Both the fsync and the non-fsync version has their places. For very important data the guarantees given by fsync are important enough to outweight the disadvantages. But in many cases the disadvantages makes it too heavy to use, and the possible data loss is not as big of an issue (after all, system crashes are pretty uncommon).

So much for the background, now over to my personal opinions on filesystem behaviour. I think that in the default configuration all general purpose filesystem that claim to be robust (be it via journalling or whatever) should do their best to preserve the runtime guarantees of the atomic rename save operation so that they extend to the system crash case too. In other words, given a write to a new file followed by a rename over an old file, we shall find either the old data or the new data.
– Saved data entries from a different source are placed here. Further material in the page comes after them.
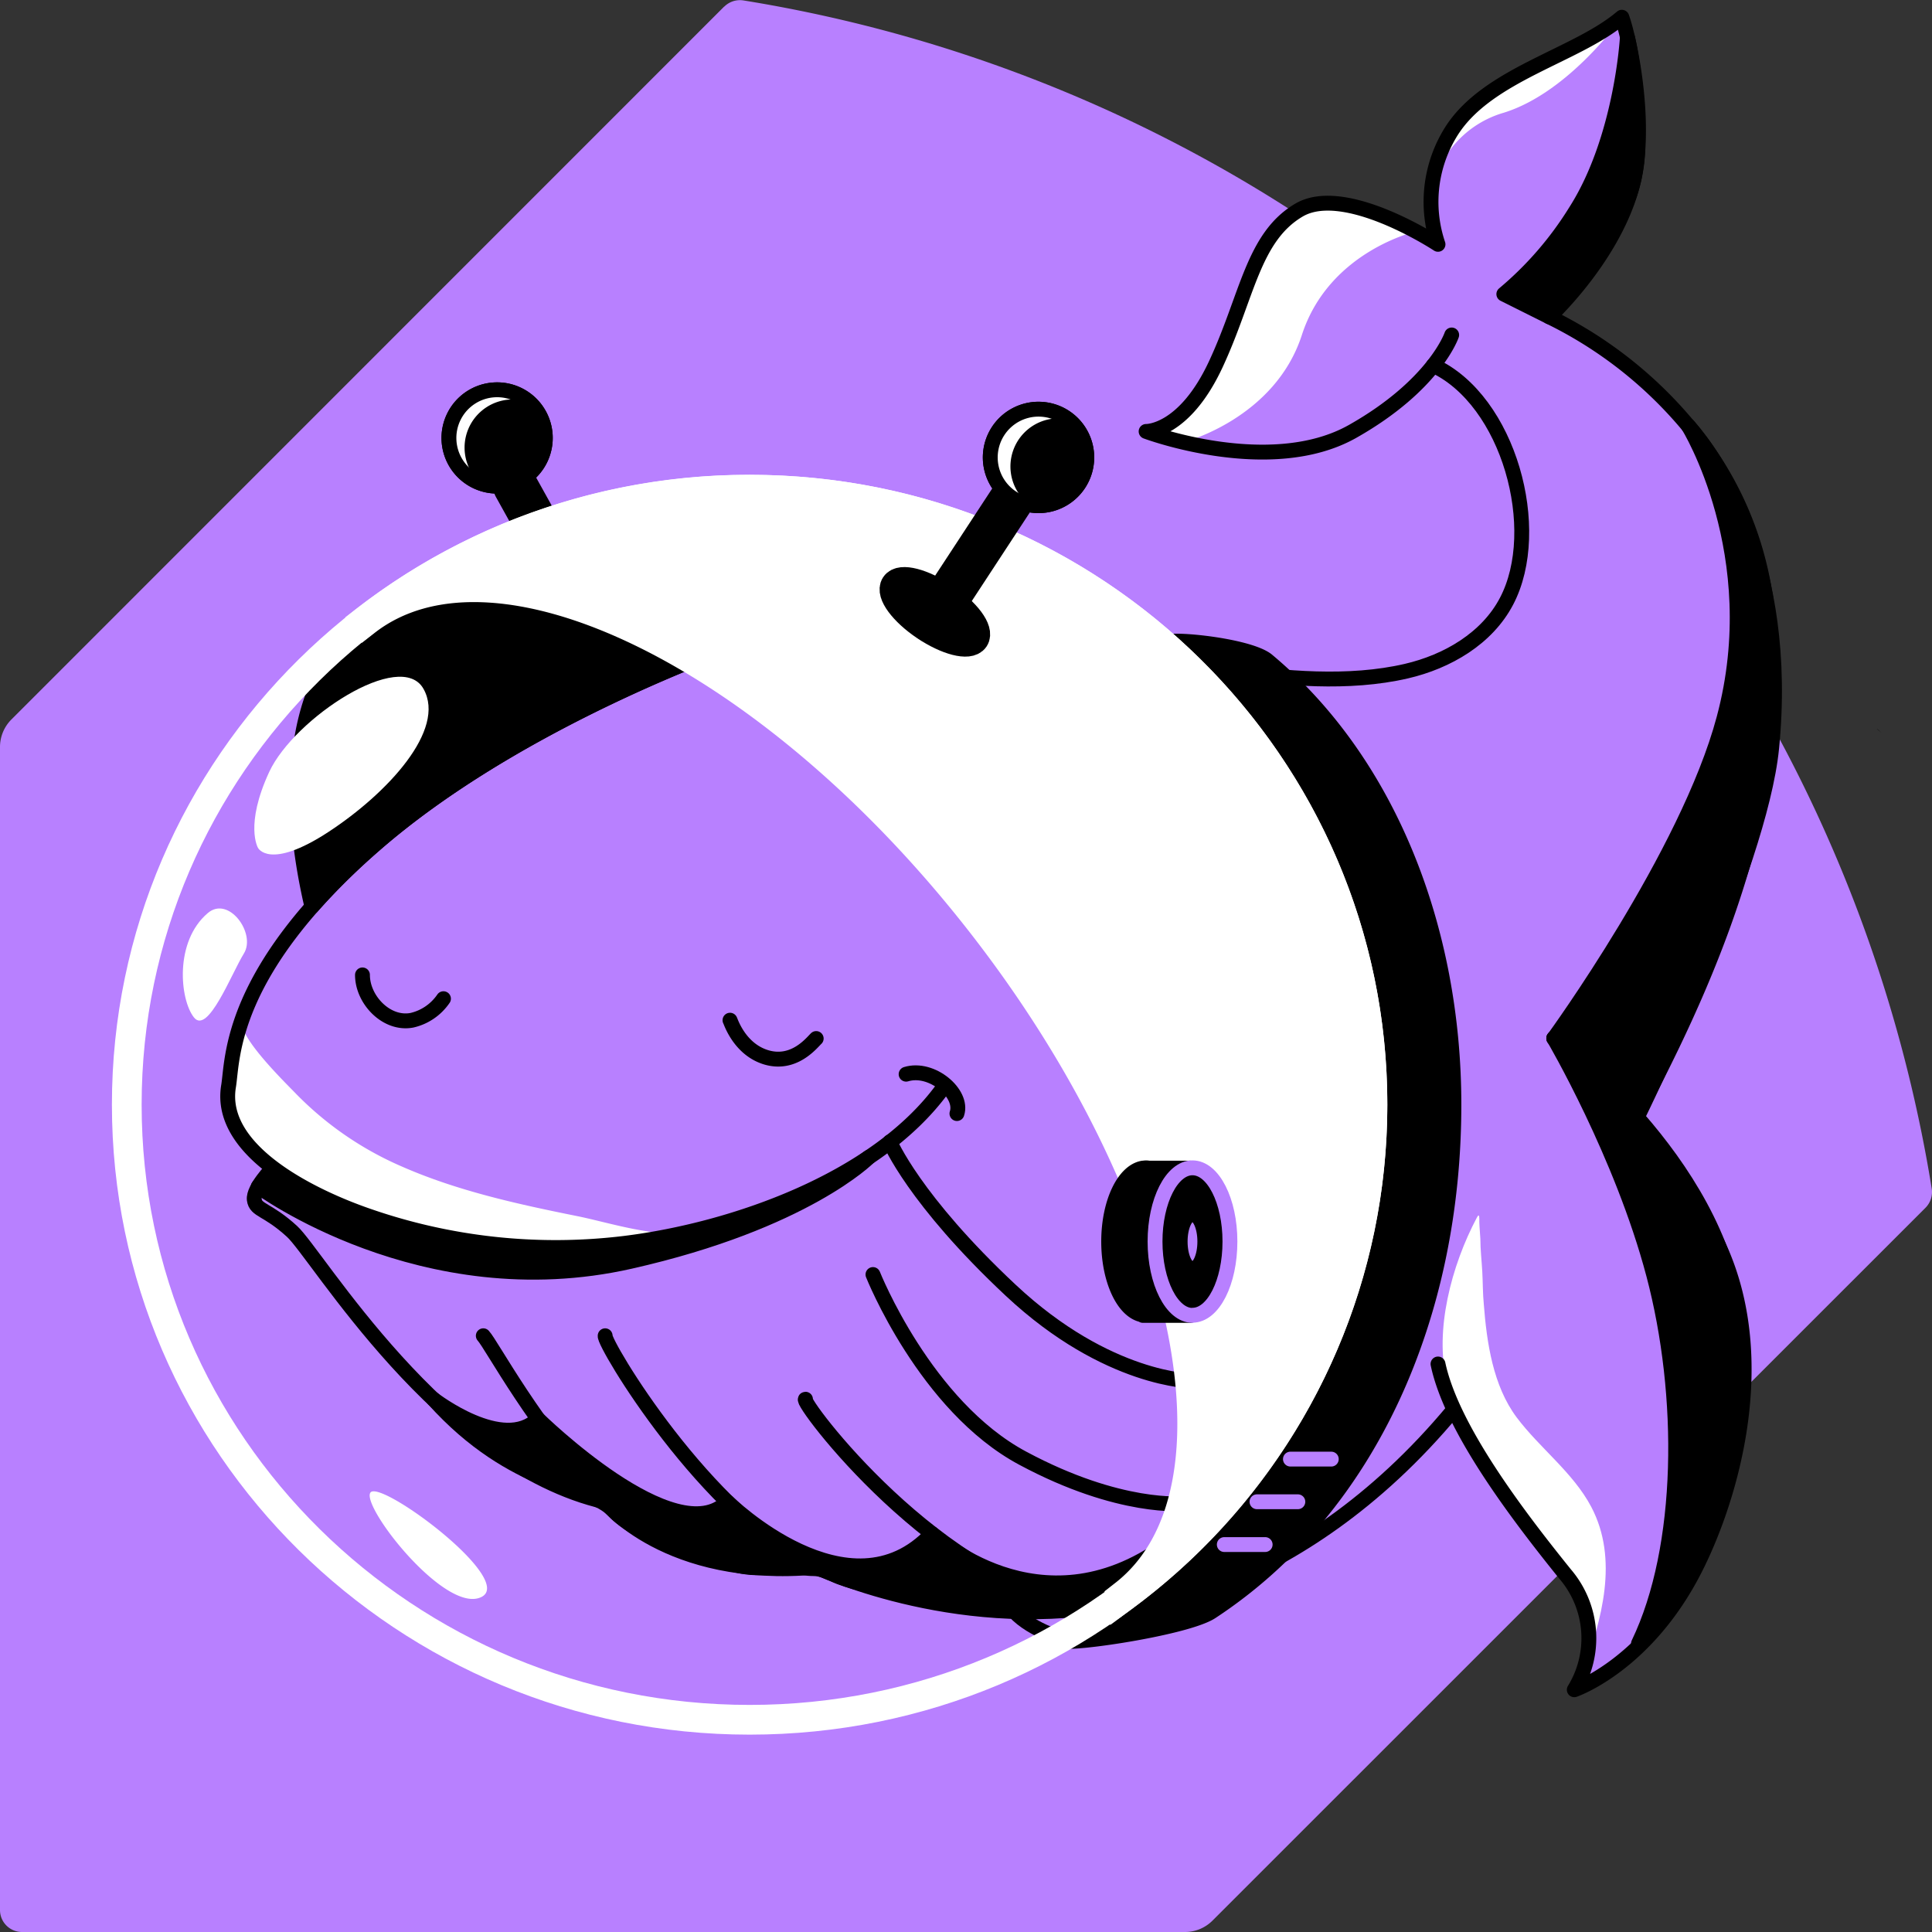 <svg width="130" height="130" viewBox="0 0 130 130" fill="none" xmlns="http://www.w3.org/2000/svg">
  <rect x="0" y="0" width="130" height="130" fill="#333333" stroke="none"/>
  <g clip-path="url(#clip0)">
    <path d="M48.73.44L.77 48.41A2.62 2.62 0 000 50.26v78.26A1.48 1.48 0 001.48 130h78.26c.7 0 1.36-.28 1.85-.77l47.97-47.96a1.5 1.5 0 00.42-1.3A96.6 96.6 0 0050.03.03a1.5 1.5 0 00-1.3.42z" fill="#B880FF"/>
    <path d="M71.59 110.29s-2.47-.65-3.57-2.13l3.57 2.13z" fill="#000"/>
    <path d="M71.59 110.29s-2.47-.65-3.57-2.13" stroke="#000" stroke-linecap="round" stroke-linejoin="round"/>
    <path d="M34.68 32.71l4.7 8.46" stroke="#000" stroke-width="3" stroke-linecap="round" stroke-linejoin="round"/>
    <path d="M29.17 94.15s4.7 3.62 7.02 1.32c0 0 9.25 9.09 12.75 5.58 0 0 8.2 8.07 13.77 2.14 0 0 7.2 6.92 15.73.78l-2.78 3.33s-6.08 1.66-9.3.86c-3.23-.8-8.16-1.2-10.27-2.22-1.17-.56-1.29-.31-1.9-.44-1.86-.37-2.53.2-4.24-.1-2.28-.43-7.07-2.02-8.67-3.75-1.6-1.73-6.7-1.48-12.11-7.5" fill="#000"/>
    <path d="M29.17 94.15s4.7 3.62 7.02 1.32c0 0 9.25 9.09 12.75 5.58 0 0 8.2 8.07 13.77 2.14 0 0 7.2 6.92 15.73.78l-2.78 3.33s-6.08 1.66-9.3.86c-3.23-.8-8.16-1.2-10.27-2.22-1.17-.56-1.29-.31-1.9-.44-1.86-.37-2.53.2-4.24-.1-2.28-.43-7.07-2.02-8.67-3.75-1.6-1.73-6.7-1.48-12.11-7.5z" stroke="#000" stroke-linecap="round" stroke-linejoin="round"/>
    <path d="M117.76 41.78s-.5-8.26-3.66-12.54c-3.16-4.28-8.95-6.94-10.43-8.21 0 0 5.5-7.92 6.02-12.5.51-4.58-.56-7.37-.56-7.37s-4.03 2.62-7.52 4.34c-3.5 1.71-5.29 4.77-5.3 6.42.04 1.44.16 2.88.38 4.3 0 0-5.6-3.73-8.6-2.37-3.01 1.36-1.88 7.62-1.88 7.62l11.68 1.57 18.82 21.75 1.05-3.01zm-4.18 61s-1.16 8.06-7.37 10.76c0 0 .88-2.06.83-3.77C106.5 98.5 112.5 98 112.5 98l1.08 4.78z" fill="#B880FF"/>
    <path d="M25.15 56.9c7.08-6.2 16.74-10.56 21.5-12.48-8.77-5.24-17.02-6.55-22.06-2.62-4.55 3.54-5.6 10.66-3.6 19.21a44.41 44.41 0 014.16-4.11z" fill="#000"/>
    <path d="M25.15 56.9c7.08-6.2 16.74-10.56 21.5-12.48-8.77-5.24-17.02-6.55-22.06-2.62-4.55 3.54-5.6 10.66-3.6 19.21a44.41 44.41 0 014.16-4.11v0zm-.76 8.7c0 1.68 1.63 3.38 3.33 3.05.87-.2 1.62-.72 2.12-1.45m19.28 1.45c0-.09.56 1.94 2.45 2.5 1.88.55 3.06-1 3.35-1.27" stroke="#000" stroke-linecap="round" stroke-linejoin="round"/>
    <path d="M36.69 29.47a3.25 3.25 0 11-6.5 0 3.25 3.25 0 016.5 0z" fill="#000"/>
    <path d="M36.35 30.92a3.24 3.24 0 10-5.8-2.9 3.24 3.24 0 005.8 2.9z" stroke="#000" stroke-linecap="round" stroke-linejoin="round"/>
    <path d="M17.36 57.05s.76 1.53 4.74-1.07c3.97-2.6 7.94-6.87 6.4-9.62-1.52-2.75-8.7 1.97-10.38 5.57-1.67 3.6-.76 5.12-.76 5.12zm-3.38 4.39c1.4-1.2 3.27 1.37 2.43 2.72-.83 1.34-2.42 5.49-3.36 4.3-.95-1.2-1.33-5.1.93-7.02z" fill="#fff"/>
    <path d="M80.24 92.93s-5.7 0-12.22-6.1c-6.53-6.11-8.14-10-8.14-10m-41.51 1.75s-1.35 1.38-1.26 2.14c.1.76.86.6 2.54 2.14 1.68 1.52 10 15.68 21.07 18.2 0 0 4.13 5.3 14.2 4.39 0 0 9.12 4.37 19.68 2.57M32.52 89.88c.57.61 3.47 6.16 8.2 11.17m0-11.17c-.15.46 6.83 12.2 14.2 15.57m18.52 2.75c-10.2-1.24-19.74-14.05-19.24-14.05m4.54-8.39s3.51 8.85 10.08 12.36c6.56 3.52 10.82 3.05 10.82 3.05m0-56.53c.4.4 2.3.38 2.84.46 3.91.56 8.27.96 12.15.06 2.76-.64 5.43-2.2 6.74-4.7 2.54-4.83.16-13.53-4.93-15.87m-21.21 83.86s11.91-.71 22.6-13.61" stroke="#000" stroke-linecap="round" stroke-linejoin="round"/>
    <path d="M113.6 28.65s5.36 8.63 2.4 19.7c-2.44 9.16-11.45 21.52-11.45 21.52l5.67 5.2s8.19-16.65 8.99-24.74c1.24-12.58-3.83-19.67-5.6-21.68" fill="#000"/>
    <path d="M113.6 28.65s5.36 8.63 2.4 19.7c-2.44 9.16-11.45 21.52-11.45 21.52l5.67 5.2s8.19-16.65 8.99-24.74c1.24-12.58-3.83-19.67-5.6-21.68z" stroke="#000" stroke-linecap="round" stroke-linejoin="round"/>
    <path d="M79.64 29.76s6.13-1.57 7.96-7.22c1.83-5.65 7.69-6.97 7.69-6.97s-4.94-3.75-8.45-1.02c-3.51 2.73-3.42 6.6-5.04 9.98-2.16 4.5-4.68 4.5-4.68 4.5l2.52.73zm16.66-16.7a6.9 6.9 0 014.9-5.48c4.42-1.38 7.93-6.42 7.93-6.42L99.9 6.5s-3.35 3.62-3.58 6.56z" fill="#fff"/>
    <path d="M109.5 2.52s-.37 6.81-3.48 11.69a23.12 23.12 0 01-4.83 5.58l3.06 1.53s4.89-5.2 5.72-9.4c.84-4.19-.46-9.4-.46-9.4" fill="#000"/>
    <path d="M109.5 2.52s-.37 6.81-3.48 11.69a23.12 23.12 0 01-4.83 5.58l3.06 1.53s4.89-5.2 5.72-9.4c.84-4.19-.46-9.4-.46-9.4z" stroke="#000" stroke-linecap="round" stroke-linejoin="round"/>
    <path d="M111.27 85.76c2.14 8.09 2.1 18.35-1.02 24.83 0 0 8.13-8.92 6.6-22.09-1.23-10.45-12.3-18.64-12.3-18.64s4.58 7.8 6.72 15.9z" fill="#000"/>
    <path d="M111.27 85.76c2.14 8.09 2.1 18.35-1.02 24.83 0 0 8.13-8.92 6.6-22.09-1.23-10.45-12.3-18.64-12.3-18.64s4.58 7.8 6.72 15.9z" stroke="#000" stroke-linecap="round" stroke-linejoin="round"/>
    <path d="M99.54 82.22c.01.38.05.76.07 1.14 0 .74.09 1.48.13 2.22.04.72.03 1.44.1 2.16.2 2.6.62 5.5 2.21 7.63 1.56 2.08 3.79 3.7 5.02 6.02 1.87 3.55.7 7.6-.57 11.13 0 0 1.4-3.87-2.87-8.74-2.86-3.25-5.25-6.65-6.28-10.85-.83-3.37.29-7.75 2.04-11.03.18-.33.15.16.15.28v.04z" fill="#fff"/>
    <path d="M60.97 72.28c1.73-.53 3.87 1.3 3.42 2.65" stroke="#000" stroke-linecap="round" stroke-linejoin="round"/>
    <path d="M78.45 43.37A41.06 41.06 0 0192.63 74.4a41.28 41.28 0 01-21.04 35.89c-.99.6 8.14-.65 9.93-1.84 10.71-7.04 16.31-20.02 16.31-34.12 0-11.73-4.34-23.03-12.55-29.89-1.33-1.1-7.58-1.64-6.83-1.07z" fill="#000"/>
    <path d="M78.45 43.37A41.06 41.06 0 0192.63 74.4a41.28 41.28 0 01-21.04 35.89c-.99.6 8.14-.65 9.93-1.84 10.71-7.04 16.31-20.02 16.31-34.12 0-11.73-4.34-23.03-12.55-29.89-1.32-1.1-7.58-1.64-6.83-1.07z" stroke="#000" stroke-linecap="round" stroke-linejoin="round"/>
    <path d="M50.44 115.72c23.15 0 41.91-18.53 41.91-41.39 0-22.85-18.76-41.38-41.9-41.38-23.15 0-41.92 18.53-41.92 41.38 0 22.86 18.77 41.39 41.91 41.39z" stroke="#fff" stroke-width="2" stroke-linecap="round" stroke-linejoin="round"/>
    <path d="M104.55 69.86s7.48 6.02 11.15 14.09c3.66 8.07.48 17.78-1.99 22.27-3.28 5.95-7.78 7.48-7.78 7.48a6.63 6.63 0 00-.62-7.79c-3.2-3.97-7.63-9.78-8.55-14.13m.92-69.24s-1.13 3.36-6.67 6.49c-5.55 3.13-13.89 0-13.89 0s2.54.08 4.68-4.5c2.14-4.59 2.5-8.56 5.6-10.39 3.1-1.83 9.36 2.3 9.36 2.3a8.92 8.92 0 01.92-7.64c2.44-3.82 8.4-5.04 11.45-7.64 0 0 1.07 2.75 1.07 8.7 0 5.96-5.95 11.46-5.95 11.46a28.3 28.3 0 0110.33 8.58 22.8 22.8 0 014.02 9.13c2.44 12.52-2.9 25.4-8.1 35.3" stroke="#000" stroke-linecap="round" stroke-linejoin="round"/>
    <path d="M126.3 49.05l.31.27c-.2-.2-.28-.27-.3-.27z" fill="#000"/>
    <path d="M82.38 103.93h2.75m-.55-2.88h2.75m-.5-2.87h2.75" stroke="#B880FF" stroke-linecap="round" stroke-linejoin="round"/>
    <path d="M24.92 100.44c-.6.95 5.03 8.16 7.45 7.03s-6.84-7.99-7.45-7.03zm6.34-70.32a3.24 3.24 0 013.87-3.18 3.24 3.24 0 10-2.6 5.75 3.24 3.24 0 01-1.27-2.57" fill="#fff"/>
    <path d="M36.35 30.92a3.24 3.24 0 10-5.8-2.9 3.24 3.24 0 005.8 2.9z" stroke="#000" stroke-linecap="round" stroke-linejoin="round"/>
    <path d="M17.38 79.84s11.05 8.2 25.02 5.04c11.78-2.66 16.06-7.01 16.06-7.01s-9.34 7.74-24.88 5.96c-10.52-1.21-15.22-5.25-15.22-5.25l-.98 1.26z" fill="#000"/>
    <path d="M17.38 79.84s11.05 8.2 25.02 5.04c11.78-2.66 16.06-7.01 16.06-7.01s-9.34 7.74-24.88 5.96c-10.52-1.21-15.22-5.25-15.22-5.25l-.98 1.26z" stroke="#000" stroke-linecap="round" stroke-linejoin="round"/>
    <path d="M16.27 68.65c-.25 1.12 2.93 4.2 3.66 4.96a22.33 22.33 0 007.15 4.9c3.72 1.63 7.78 2.52 11.76 3.32 2.08.42 5.16 1.43 7.31 1.1 0 0-14.66 2.28-23.17-1.8-8.52-4.08-8.1-6.23-6.7-12.48" fill="#fff"/>
    <path d="M49.58 43.3s-14.66 5.05-24.43 13.6-9.47 14.35-9.77 16.18c-.76 4.52 6.07 7.58 9.29 8.7a38.46 38.46 0 0017.37 1.88c7.28-.9 16.9-4.25 21.39-10.42" stroke="#000" stroke-linecap="round" stroke-linejoin="round"/>
    <path d="M24.59 41.8c8.8-6.86 27.36 2.24 41.46 20.33 14.1 18.09 18.4 38.31 9.61 45.17l.04.06a41.15 41.15 0 0016.65-33.03c0-22.85-18.76-41.38-41.9-41.38a42.07 42.07 0 00-25.88 8.82l.02.03z" fill="#fff"/>
    <path d="M24.59 41.8c8.8-6.86 27.36 2.24 41.46 20.33 14.1 18.09 18.4 38.31 9.61 45.17l.04.06a41.15 41.15 0 0016.65-33.03c0-22.85-18.76-41.38-41.9-41.38a42.07 42.07 0 00-25.88 8.82l.02.03z" stroke="#fff" stroke-width="2" stroke-miterlimit="10"/>
    <path d="M77.29 78.6a.86.86 0 00-.34 0h-.05c-1.29.22-2.3 2.35-2.3 4.94 0 2.6 1.01 4.73 2.3 4.94v.03h3.2V78.6h-2.81z" fill="#000"/>
    <path d="M77.29 78.6a.86.86 0 00-.34 0h-.05v0c-1.29.22-2.3 2.35-2.3 4.94 0 2.6 1.01 4.73 2.3 4.94v.03h3.2V78.6h-2.81z" stroke="#000" stroke-linecap="round" stroke-linejoin="round"/>
    <path d="M82.76 83.54c0 2.74-1.13 4.97-2.52 4.97-1.39 0-2.52-2.23-2.52-4.97 0-2.74 1.13-4.96 2.52-4.96 1.4 0 2.52 2.22 2.52 4.96z" fill="#000"/>
    <path d="M80.24 88.5c1.4 0 2.52-2.22 2.52-4.96 0-2.74-1.13-4.96-2.52-4.96-1.39 0-2.52 2.22-2.52 4.96 0 2.74 1.13 4.97 2.52 4.97z" stroke="#B880FF" stroke-linecap="round" stroke-linejoin="round"/>
    <path d="M81.07 83.54c0 1.02-.37 1.84-.83 1.84-.46 0-.83-.82-.83-1.84 0-1.01.37-1.83.83-1.83.46 0 .83.82.83 1.83z" fill="#B880FF"/>
    <path d="M81.07 83.54c0 1.02-.37 1.84-.83 1.84-.46 0-.83-.82-.83-1.84 0-1.01.37-1.83.83-1.83.46 0 .83.82.83 1.83z" stroke="#000" stroke-linecap="round" stroke-linejoin="round"/>
    <path d="M68.02 33.69l-5.3 8.09" stroke="#000" stroke-width="3" stroke-linecap="round" stroke-linejoin="round"/>
    <path d="M65.55 42.95c-.35.52-1.82.14-3.28-.84-1.46-.98-2.36-2.2-2.01-2.72.34-.52 1.81-.14 3.27.84 1.47.98 2.37 2.2 2.02 2.72" fill="#000"/>
    <path d="M65.55 42.95c-.35.52-1.82.14-3.28-.84-1.46-.98-2.36-2.2-2.01-2.72.34-.52 1.81-.14 3.27.84 1.47.98 2.37 2.2 2.02 2.72z" stroke="#000" stroke-width="2" stroke-linecap="round" stroke-linejoin="round"/>
    <path d="M73.13 30.78a3.25 3.25 0 11-6.5 0 3.25 3.25 0 016.5 0z" fill="#000"/>
    <path d="M72.64 32.49a3.24 3.24 0 10-5.52-3.42 3.24 3.24 0 005.52 3.42z" stroke="#000" stroke-linecap="round" stroke-linejoin="round"/>
    <path d="M67.99 31.4a3.24 3.24 0 013.87-3.19 3.24 3.24 0 10-2.6 5.75 3.24 3.24 0 01-1.27-2.57" fill="#fff"/>
    <path d="M72.64 32.49a3.24 3.24 0 10-5.52-3.42 3.24 3.24 0 005.52 3.42z" stroke="#000" stroke-linecap="round" stroke-linejoin="round"/>
  </g>
  <defs>
    <clipPath id="clip0">
      <path fill="#fff" d="M0 0h130v130H0z"/>
    </clipPath>
  </defs>
</svg>

This is a less of a requirement than fsync-on-close, but a requirement nevertheless that does result in a performance loss. However, just the fact that you’re running a journaled filesystem is a performance cost already, and something the user has explicitly chosen in order to have less risk of losing data.

It would be nice if the community could work out a way to express intent of the save operation to the filesystem in such a way that we avoid the unnecessary expensive fsync() call. For instance, we could add a fcntl like F_SETDATAORDERED that tells the kernel to ensure the data is written to the disk before writing the metadata for the file to the disk. With this in place applications could choose either if they want the new file on disk *now*, or just if it wants either the old or the new file, without risk for total data loss. (And fall back on fsync if the fcntl is not supported.)

This is the current status of the rename method on the commonly used Linux filesystems to my best knowledge:
(In this context “safe” means we get either the old or the new version of the file after a crash.)

ext2: No robustness guarantees on system crash at all.

ext3: In the default data=ordered mode it is safe, because data is written before metadata. If you crash before the data is written (5 seconds by default) you get the old data. With data=writeback mode it is unsafe.

ext4: Currently unsafe, with a quite long window where you risk data loss. With the patches queued for 2.6.30 it is safe.

btrfs: Currently unsafe, the maintainer claims that patches are queued for 2.6.30 to make it safe

XFS: Currently unsafe (as far as i can tell), however the truncate and overwrite method is safe.